KonMari Method for Your Home
Homeowners and renters alike are forever stuck in the never-ending cycle of cleaning and organizing their space. It’s a permanent to-do list that seems to inch any closer to completion. By the time you finish one task and move onto the next, three others have popped up for you to take care of. If this sounds all too familiar, then take a look at how the KonMari method is decluttering the Manhattan apartments for rent.
Marie Kondo, a petite woman from Japan, holds the title of Organizing Consultant.
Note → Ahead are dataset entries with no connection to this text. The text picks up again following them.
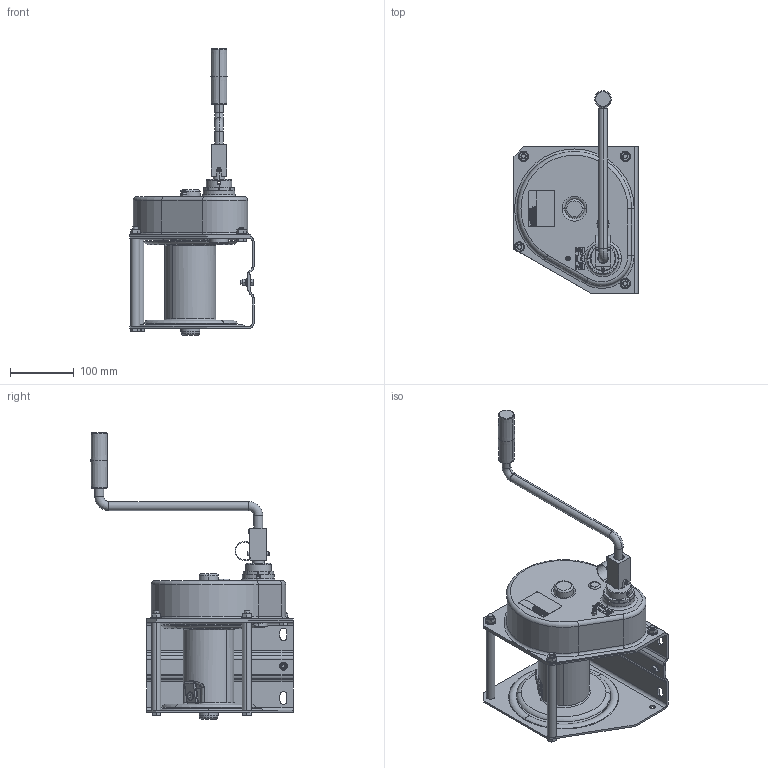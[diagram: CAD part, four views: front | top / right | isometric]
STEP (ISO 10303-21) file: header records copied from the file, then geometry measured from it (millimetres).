
FILE_DESCRIPTION(('Creo Elements/Direct Modeling STEP Export'),'2;1');
FILE_NAME('205804.stp','2022-04-25T11:49:05',(''),(''),'Creo Elements/Direct Modeling STEP processor for AP214 (Solid Model)','Creo Elements/Direct Modeling 20.1C 13-Oct-2019 (C) Parametric Technology GmbH','');
FILE_SCHEMA(('AUTOMOTIVE_DESIGN { 1 0 10303 214 1 1 1 1 }'));
Products named in the file (3): Seilwinde; Kurbel; Seilwinde_205804A
Assembly tree (2 placements, depth 2):
  Seilwinde_205804A
    Kurbel
    Seilwinde
Bounding box: 195 x 317.56 x 449.69 mm (x, y, z)
Volume: 3152777.1 mm3; surface area: 425643.6 mm2
Topology: 2 solids, 2 shells, 912 faces, 5595 edges, 4890 vertices
Faces by surface type: plane 469, cylinder 184, cone 175, torus 63, bspline 15, sphere 6
Entity records: 72899 total; most frequent: CARTESIAN_POINT 25104, ORIENTED_EDGE 11182, DIRECTION 6632, EDGE_CURVE 5591, VERTEX_POINT 4890, VECTOR 4514, LINE 4514, EDGE_LOOP 1143

She has four published books under her belt on the subject, all of which sold millions of copies, and is renowned across the world for her ability to organize and maintain the cleanest home you’ve ever seen in your life.
This tidiness guru is a master of her art, which she calls the KonMari method. Kondo’s method involves more than just a way to clean, it encourages you to adopt a minimalist mindset through your own feelings towards your stuff. Sound strange yet?
Kondo encourages individuals to only keep items that “spark joy,” or make them feel happy. Her clients are always surprised to find closets and cabinets full of items they really don’t need or care about anymore. It sounds impossible, sure, but it works. Here’s how you can apply the KonMari method in your home.
Step 1. Start Now
The sooner you begin the KonMari process, the faster you’ll be living in a decluttered space. Don’t make the mistake of tackling messes week by week. That’s how people end up in the never-ending cycle of decluttering and cleaning.
Instead, set time aside to take care of everything at once. Turn tidying up into one, large, day-long task and you’ll be surprised at how much you get accomplished. The immediate boost in space and cleanliness is enough to make most people stick with the KonMari method for good.
Step 2. Sort by Category
Marie believes that tackling one room at a time is ineffective. As you focus on the bedroom, for instance, you’re failing to grasp the volume of work needed throughout the whole house. She believes this is how people fall into that never-ending cycle of cleaning to begin with.
Her solution is to sort your belongings by category (t-shirts, books, loose papers, etc.), then start your tidying task with the easiest grouping. The recommended flow to follow in the KonMari method is:
- “Komono” or Miscellaneous items
- and Sentimental objects
- Step 3. The Spark
Parting with your belongings is often a difficult task, which is why clutter happens in the first place. Marie asks a simple question to help you decide what’s worth keeping and what you might want to donate; does this item spark joy?
Essentially, does holding this item make you happy? You might find that an old dress simply doesn’t bring a smile to your face anymore, or that you’ve read a book so many times that the thought of re-reading it actually makes you cringe.
The spark of joy is the cornerstone of the KonMari method, and it’s insanely effective. Take the time to hold each individual item in your hands during this process. If there’s not an instant feeling of warmth and happiness, it’s time to let that item go.
Step 4. Recycle
As you move on to papers and documents, Marie encourages everyone to recycle. Knowing what to get rid of is easier than you might think, too. Start with simple items like the instructions for a laptop or a TV manual you never read in the first place.
Make sure to shred personal documents like paid bills during this step to keep your information safe. Eventually, you’ll move on to birthday cards, letters, and more sentimental items. Decide if they spark joy or not, then move on.
Step 5. Donate Your Books
Marie is a firm believer in only owning a small set of books. She believes that once you’ve read them, that knowledge is retained and someone else could benefit from the contents of their pages. This is a tough step for book lovers, but it works wonders in decluttering your space.
Pick around 10-20 books you simply cannot live without, then use the “spark joy” indicator for the rest. If this step is a little tough, start with books you wouldn’t mind parting with first.
Step 6. Let Go
Sentimental items are hard to let go of, but sometimes it’s necessary. Start with something simple, like a holiday gift you don’t care for or a broken memento that’s far beyond repair. Ultimately, a lot of sentimental items will spark joy for you. So, it’s okay to keep those. Just make sure to donate or pitch anything you don’t really need to hang onto anymore.
Step 7. Assign Space
After steps 1-6, you should be left with reduced number of items that all spark joy. Your next step is to find a permanent new home for everything when you aren’t using it. This is the literal tidying up phase, and will help you stay organized after the process is over.